Hallie H. McFadden, Chattanooga, Tennessee for the Appellants, Charles Boston, Jr., and Corrine
Boston.
Howard Barnwell, Chattanooga, Tennessee for the Appellee, Broderick Autry.
OPINION
Background
Plaintiff was married to Charles Boston’s daughter (“Pam”)1. Plaintiff claims that
he and Defendants entered into an oral agreement in 2000, for Plaintiff and Pam to purchase the
Property from Defendants. Plaintiff paid $2,000 to Mr. Boston and in return, Mr. Boston gave
Plaintiff an undated receipt showing that Plaintiff paid $2,000 on an account of $10,000 leaving a
balance of $8,000. This receipt stated that the $2,000 was paid for “down payment Ocoee.” The
receipt was signed by Charles Boston alone. No other writings were made in regard to the claimed
oral agreement.
Plaintiff and Pam made extensive repairs to the Property and eventually moved into
the house on the Property where they lived until Pam died “from cancer.” After Pam’s death,
Plaintiff attempted to tender the $8,000 balance to Defendants who refused to accept it.

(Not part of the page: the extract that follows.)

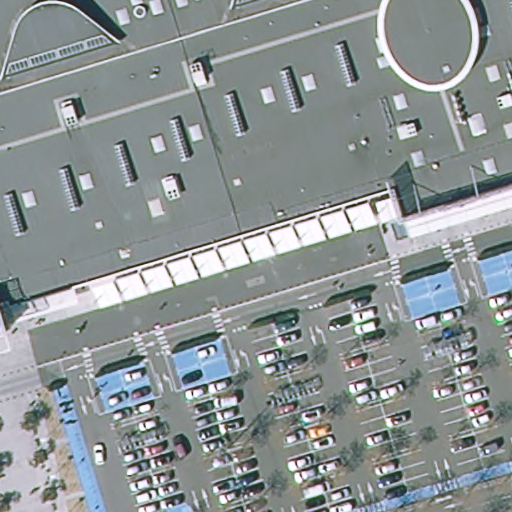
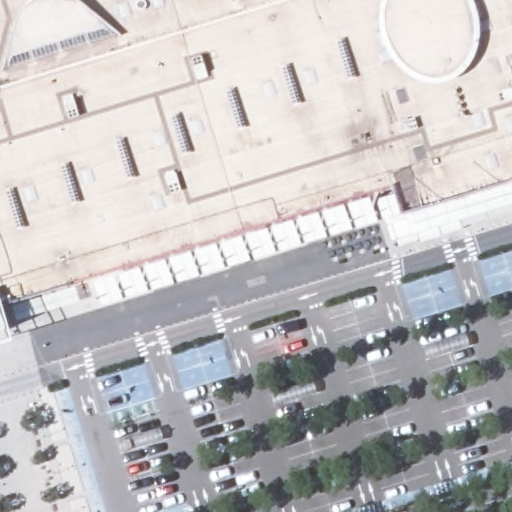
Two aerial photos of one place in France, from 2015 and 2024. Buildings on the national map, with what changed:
unchanged [(403,216),(394,187),(75,285),(49,292),(11,304),(10,299),(0,302),(0,0),(512,0),(512,182),(403,216)]
unchanged [(0,304),(8,330),(0,332),(0,304)]

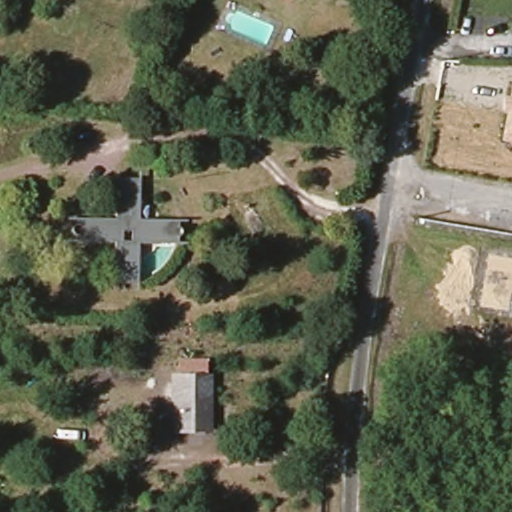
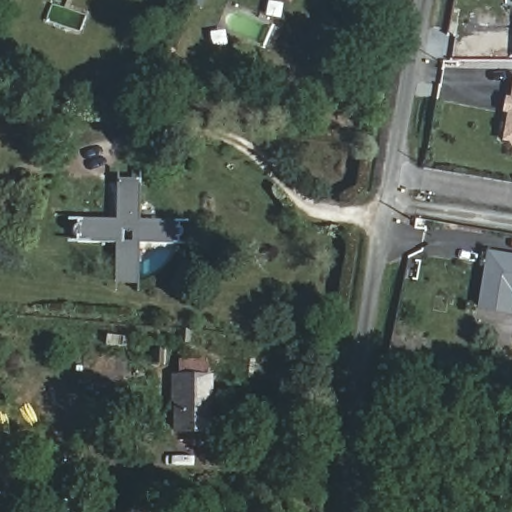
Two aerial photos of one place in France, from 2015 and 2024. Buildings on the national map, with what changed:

Defendants
denied ever making a contract to sell the Property to Plaintiff. Defendants sought a detainer warrant
and had Plaintiff evicted from the Property. Plaintiff then filed this suit. The case was tried without
a jury in January of 2005.
At trial, Plaintiff produced the original receipt as evidence of the alleged oral
agreement and testified regarding the circumstances surrounding the making of the contract.
Plaintiff testified:
me and my wife went to Wilson Street, and that’s where Mrs. Corrine was staying
with her daughter - - her and Mr. Boston at this time - - and it was like in 2000, and
I gave Mr. Boston a 2,000-dollar down payment on the property. His wife was
present.…She was present, and that was the first step as far as the property. That’s
what you asked about, right, how it first came about? I got the receipt. I got the
original receipt.
Plaintiff testified he paid the $2,000 prior to starting work on the Property and that
both Defendants were present when he paid this money. Plaintiff testified that he and both
Defendants discussed the fact that “I was giving them $2,000 down payment on the house on Ocoee
Street.” Plaintiff further testified that they also discussed at that time: “It was $10,000 for the whole
house. I gave him $2,000, and it left 8,000, and then he said give him $200 a month. That’s what
he wanted during that time.” Plaintiff testified that at the time he paid the $2,000, he and Pam were
taking care of Mr. Boston’s mother and were living at her house.
1
Pam Autry was the biological daughter of Mr. Boston, but was adopted by Mr. Boston’s mother making Pam
Autry legally Mr. Boston’s sister. For purposes of simplicity, we refer to Pam Autry in this Opinion by her first name
with no disrespect intended.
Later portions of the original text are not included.